As the world reflects on the 80-year edition of Holocaust Memorial Day, I spoke to someone who actually experienced the unthinkable: Lizzy Dyszkiewicz, my grandma.
Lizzy, who I am proud to call my grandma, defied all odds in surviving three separate concentration camps, including Auschwitz before starting a happy and healthy life in Kingston 70 years ago.
She was born on May 11 1927, where she enjoyed a peaceful childhood in Boskovice, a town in eastern Czech Republic. She lived with her parents, Moric and Hilda Schwarz as well as her sister Kitty.
“I loved ice skating, swimming and playing in the snow as a young girl,” my grandma recounted.
But all of this changed in March 1942 where Nazi soldiers stripped the town’s Jewish population away from their homes and boarded them on to cattle trains headed to Theresienstadt, north of Prague.
This was the first concentration camp that my grandma survived. Her mother, Hilda who was already suffering from a heart condition did not endure the same luck and passed away here.
After two years in Theresienstadt, my grandma was transported to Auschwitz.
It is estimated that around 1.1 million people were murdered in Auschwitz, and amongst that figure were Lizzy’s sister and father who were packed into gas chambers and killed.
“Auschwitz was awful,” said my grandma.
“This is where I was lucky though. Some of the trains that arrived in Auschwitz went straight to gas chambers. The Nazis said, ‘get out and have a shower’ and the shower was just a gas chamber – it was dreadful.
“You dare not say no to the Nazis because they would shoot you. If they ask you to do something and you said no, they would just shoot you.”

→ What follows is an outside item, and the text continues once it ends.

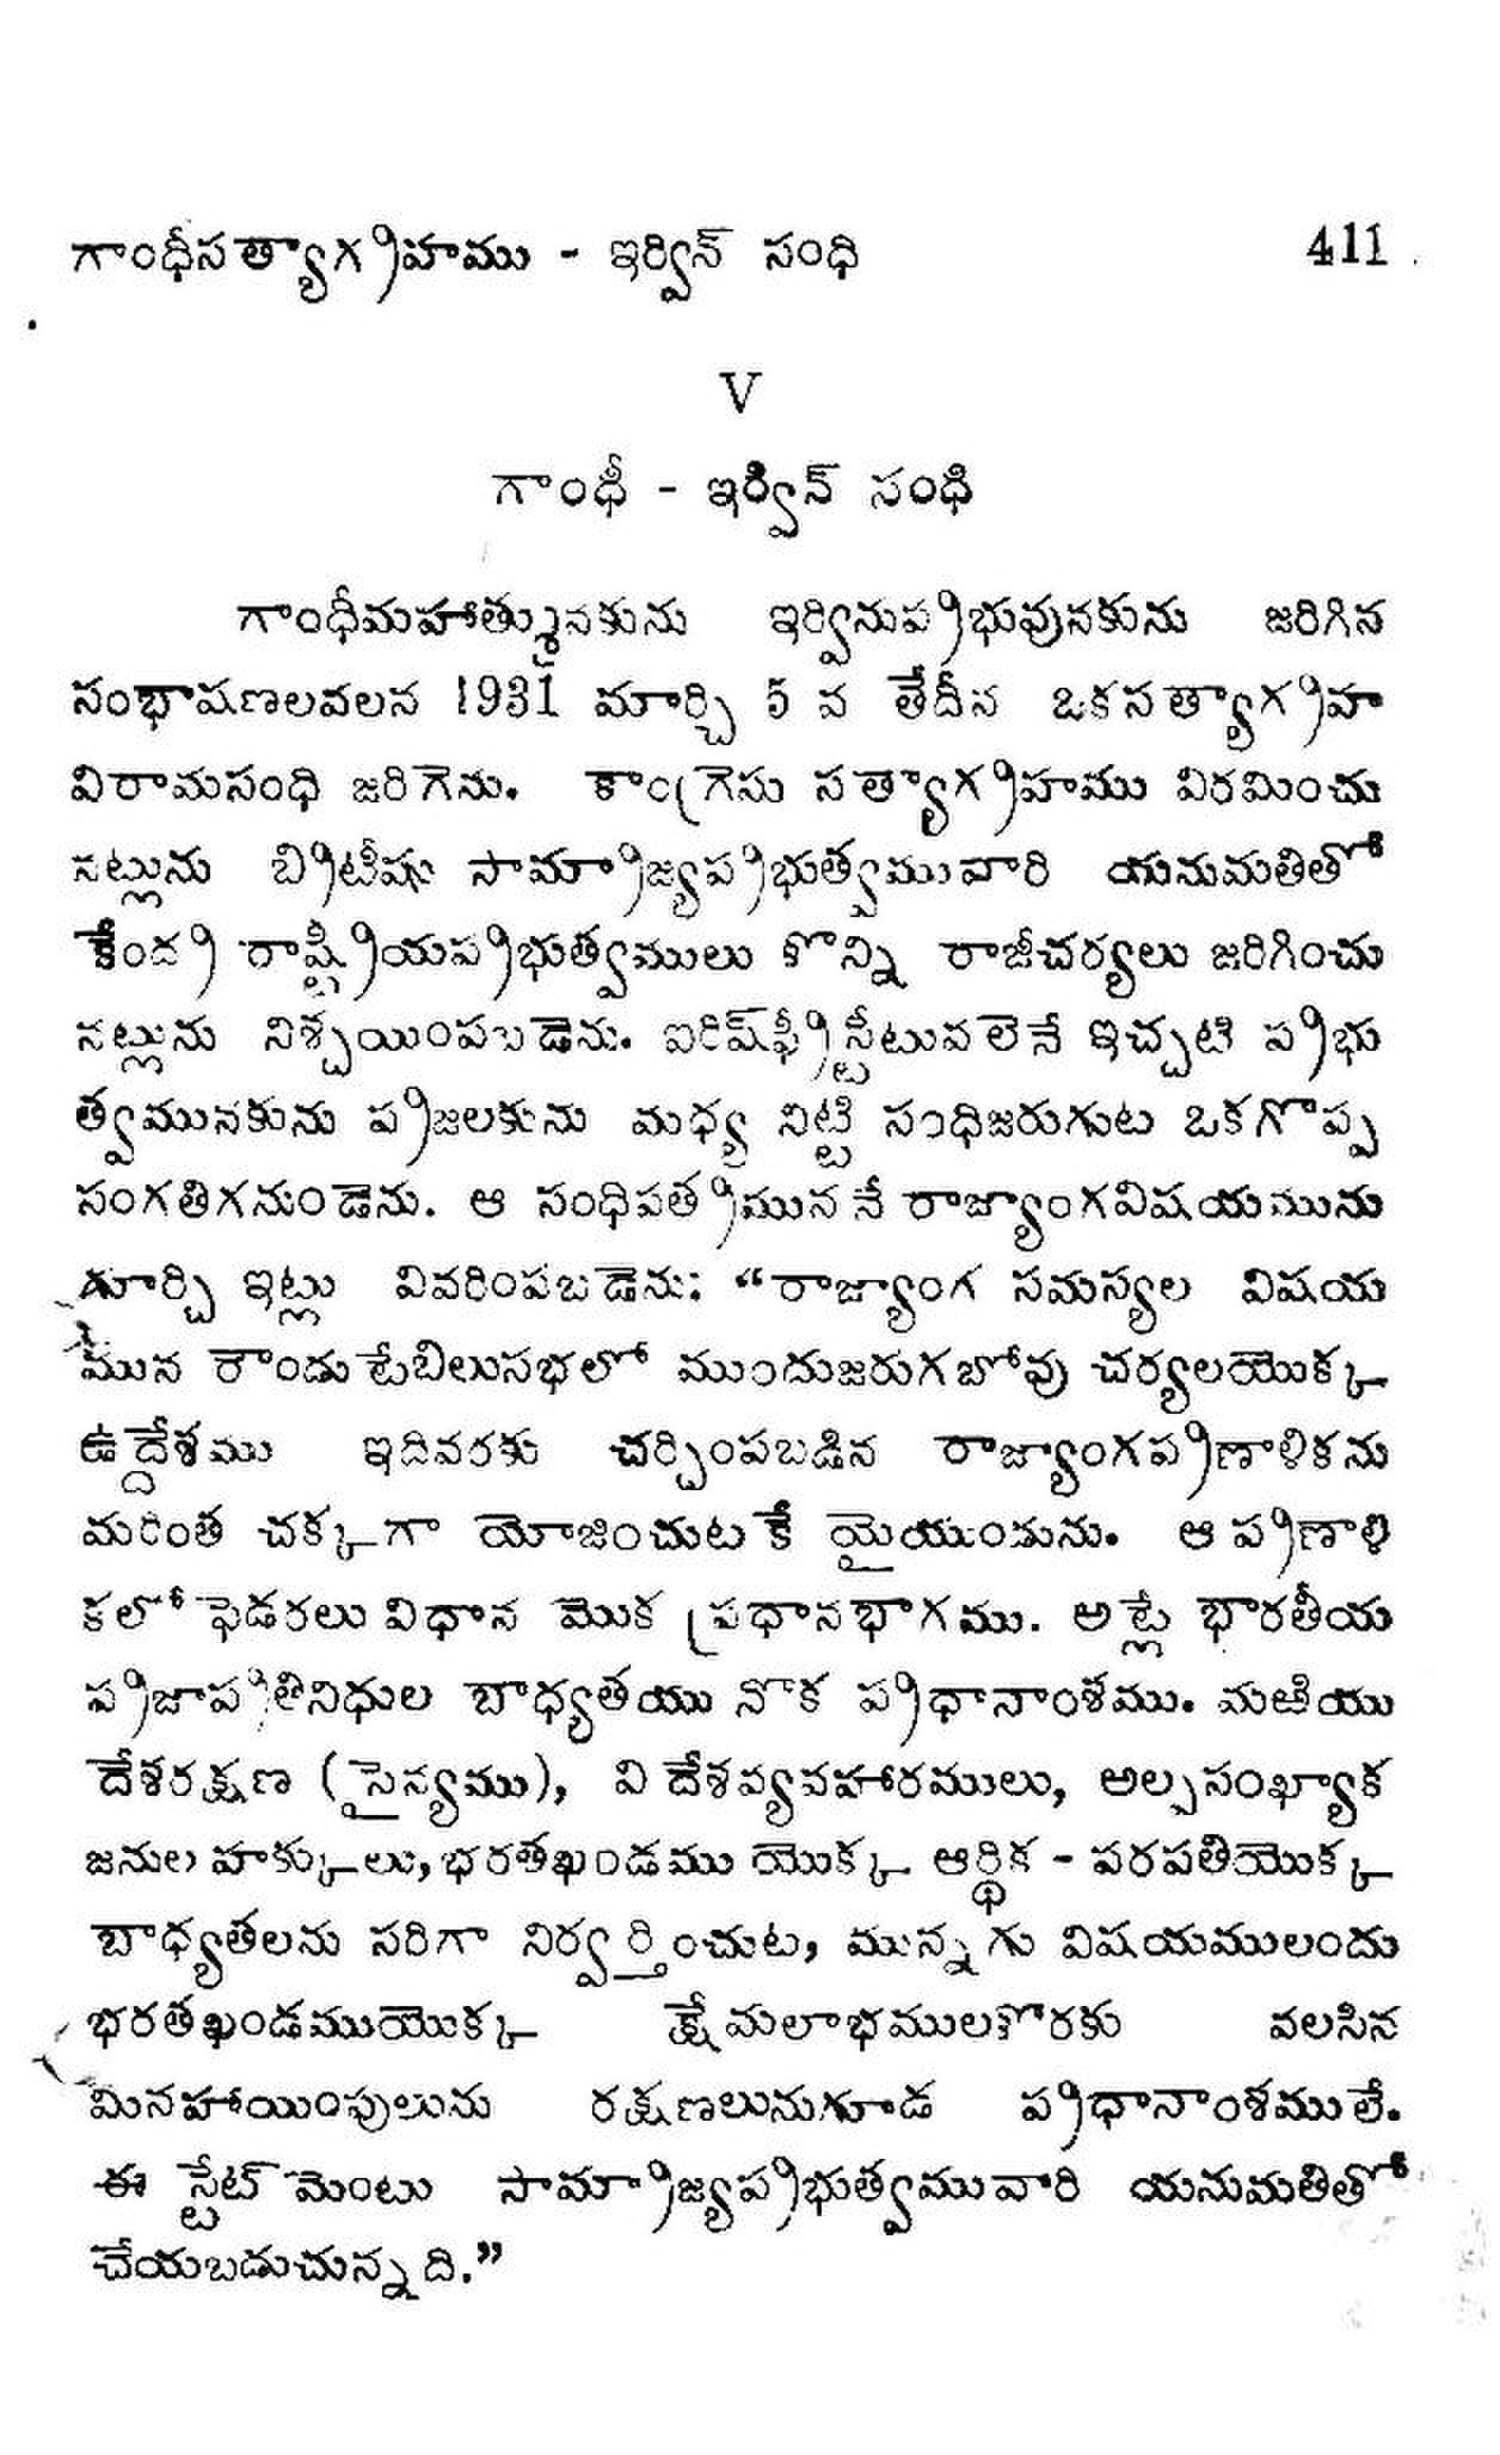V
గాంధీ - ఇర్విన్ సంధి 

గాంధీమహాత్మునకును ఇర్వినుప్రభువునకును జరిగిన సంభాషణలవలన 1931 మార్చి 5 వ తేదీన ఒక సత్యాగ్రహ విరామసంధి జరిగెను. కాంగ్రెసు సత్యాగ్రహము విరమించునట్లును బ్రిటీషు సామ్రాజ్యప్రభుత్వమువారి యనుమతితో కేంద్ర రాష్ట్రీయప్రభుత్వములు కొన్ని రాజీచర్యలు జరిగించునట్లును నిశ్చయింపబడెను. ఐరిష్‌ఫ్రీస్టేటువలెనే ఇచ్చటి ప్రభుత్వమునకును ప్రజలకును మధ్య నిట్టి సంధిజరుగుట ఒకగొప్ప సంగతిగనుండెను. ఆ సంధిపత్రముననే రాజ్యాంగ విషయమును గూర్చి ఇట్లు వివరింపబడెను: “రాజ్యాంగ సమస్యల విషయమున రౌండుటేబిలుసభలో ముందుజరుగబోవు చర్యలయొక్క ఉద్దేశము ఇదివరకు చర్చింపబడిన రాజ్యాంగప్రణాళికను మరింత చక్కగా యోజించుటకే యైయుండును. ఆప్రణాళికలో ఫెడరలు విధాన మొక ప్రధానభాగము. అట్లే భారతీయ ప్రజాప్రతినిధుల బాధ్యతయు నొక ప్రధానాంశము. మఱియు దేశరక్షణ (సైన్యము), విదేశవ్యవహారములు, అల్పసంఖ్యాక జనుల హక్కులు, భరతఖండముయొక్క ఆర్ధిక - పరపతియొక్క బాధ్యతలను సరిగా నిర్వర్తించుట, మున్నగు విషయములందు భరతఖండముయొక్క క్షేమలాభములకొరకు వలసిన మినహాయింపులును రక్షణలునుగూడ ప్రధానాంశములే. ఈ స్టేట్ మెంటు సామ్రాజ్యప్రభుత్వమువారి యనుమతితో చేయబడుచున్నది.”

“This is how my sister and father died – they were on a separate train – we were not together.”
“In a way, I was lucky – I was always escaping. If there were two rows, I was always in the row that wasn’t on its way to the gas chambers. It was sheer luck – I knew nothing of it.”
The final concentration camp that Lizzy endured was Mauthausen, in Austria where after a few months, she was liberated by American soldiers on May 5 1945.
She had survived the unimaginable and after returning to her hometown, Boskovice, she left again to live with her only remaining family member, Aunt Lily in Chiswick.
Through a Polish couple that lived above Lizzy and Lily, my grandma met my grandad: Jerzy, or George as he would always translate into English.
My grandad has his own fantastically impressive story to tell – fighting as a Polish soldier and escaping prisoner of war camp at the very same time that his wife-to-be was fighting for survival in the concentration camps.
They married in 1955 and bought a property in Anne Boleyn’s Walk, Kingston Upon Thames in the same year.
They lived a happy life here together until my grandad sadly passed away on July 23 2016, but my grandma, still fiercely independent, continues to keep the house warm, tidy and homely even at 97 years of age.
When asked about the key to being so capable at such a grand age, my grandma said: “I have no secret ingredient – I just don’t give up and I do as much as I possibly can, staying active and independent.”
In 2019, a book about my grandparents’ incredible tales was written by historian, Ted Bailey.
The book, titled ‘Survival and Love – Double escape from the Nazis’ is now available in both English and Czech after being launched in Boskovice last weekend.
My family and I spent Holocaust Memorial Day here to celebrate the launch of the book in my grandma’s mother tongue as well as trying to expand our understanding of the horrors she endured.
“I think it is important that these stories are still told – it is history!” concluded my grandma.